Corporate Ladder Rung: Mailroomquality248(02/01/2008)
Your frustration is understood. Just be careful not to perpetuate stereotypes. I work with and know a lot of African-Americans who are wonderful, fair, and hard working.

Dumber than a Catbox full of sh*t(02/01/2008)
I have heard the quotes in your posted said millions of times. What is disturbing (because it is true), is where I have heard it and from whom...high school kids in school. I've heard the quotes from blacks about blacks and from blacks about whites. As a teacher, I have students every year that I just feel hate me because I am white.

I have a student now who has hated me since school began--and I just have a feeling it is because I am white. Recently though she really needed my help academically and from starting a fistfight in my class with another student. I really went out of my way in both cases to help the girl--why? Not because she was nice or great--because she is my student and she is young and foolish like all kids can be. Now I think she likes me. But I had to really put myself out there and help her to convince her that I was okay. And I really feel she hated me because I was white.


Wage Slave(02/02/2008)
I am curious as to what state you are in. I have worked in Pennsylavania and I have witnessed some of the bad behavior you wrote about. In our office management has picked 2 black women managers simply because they were willing to target and fire other blacks. Please note there are more competent blacks and whites for these positions. Most of the other blacks who actually do the work actually segregate themselves from the whites. Very few will associate with whites in a social setting. It's like high school if they are alone they will be friendly but if another black is around they won't say hello. I have learned not to say hello first. I asked a black coworker why this was and he said years ago blacks really had to watch their backs because management just didn't want any blacks in the office. I believe him because he is very objective and our upper level managers are idiots.

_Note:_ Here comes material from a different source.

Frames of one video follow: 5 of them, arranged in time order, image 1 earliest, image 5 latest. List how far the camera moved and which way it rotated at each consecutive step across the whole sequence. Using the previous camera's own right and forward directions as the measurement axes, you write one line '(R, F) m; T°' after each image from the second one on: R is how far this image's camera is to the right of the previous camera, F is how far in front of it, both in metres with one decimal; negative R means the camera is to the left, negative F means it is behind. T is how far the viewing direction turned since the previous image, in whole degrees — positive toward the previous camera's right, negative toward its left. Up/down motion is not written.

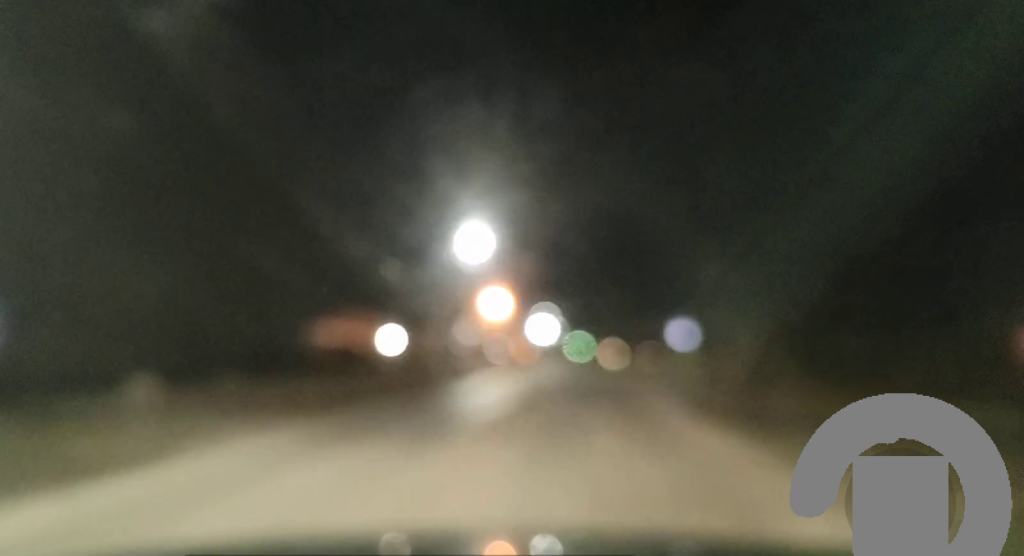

Corporate Ladder Rung: CIOHaveADamnNiceDay(02/04/2008)
You know, it's funny. My husband has related similar things to me (being a black man). He's been approached at the hair salon when other blacks see him with me, and the later corner him and ask, "What's it like being with a white person? What's she like?"
When he told me this, I practically bugged my eyes. I had no idea that there were black americans who had never been near enough to a white person to find out they're just like any other person. People are people.
He told me point-blank that there are people like that. It makes sense, though, since I've met plenty of white folks who've never associated with a black person. My own dad even had the naievete to exclaim that racism was dead!
My husband had to gently set him straight on the issue.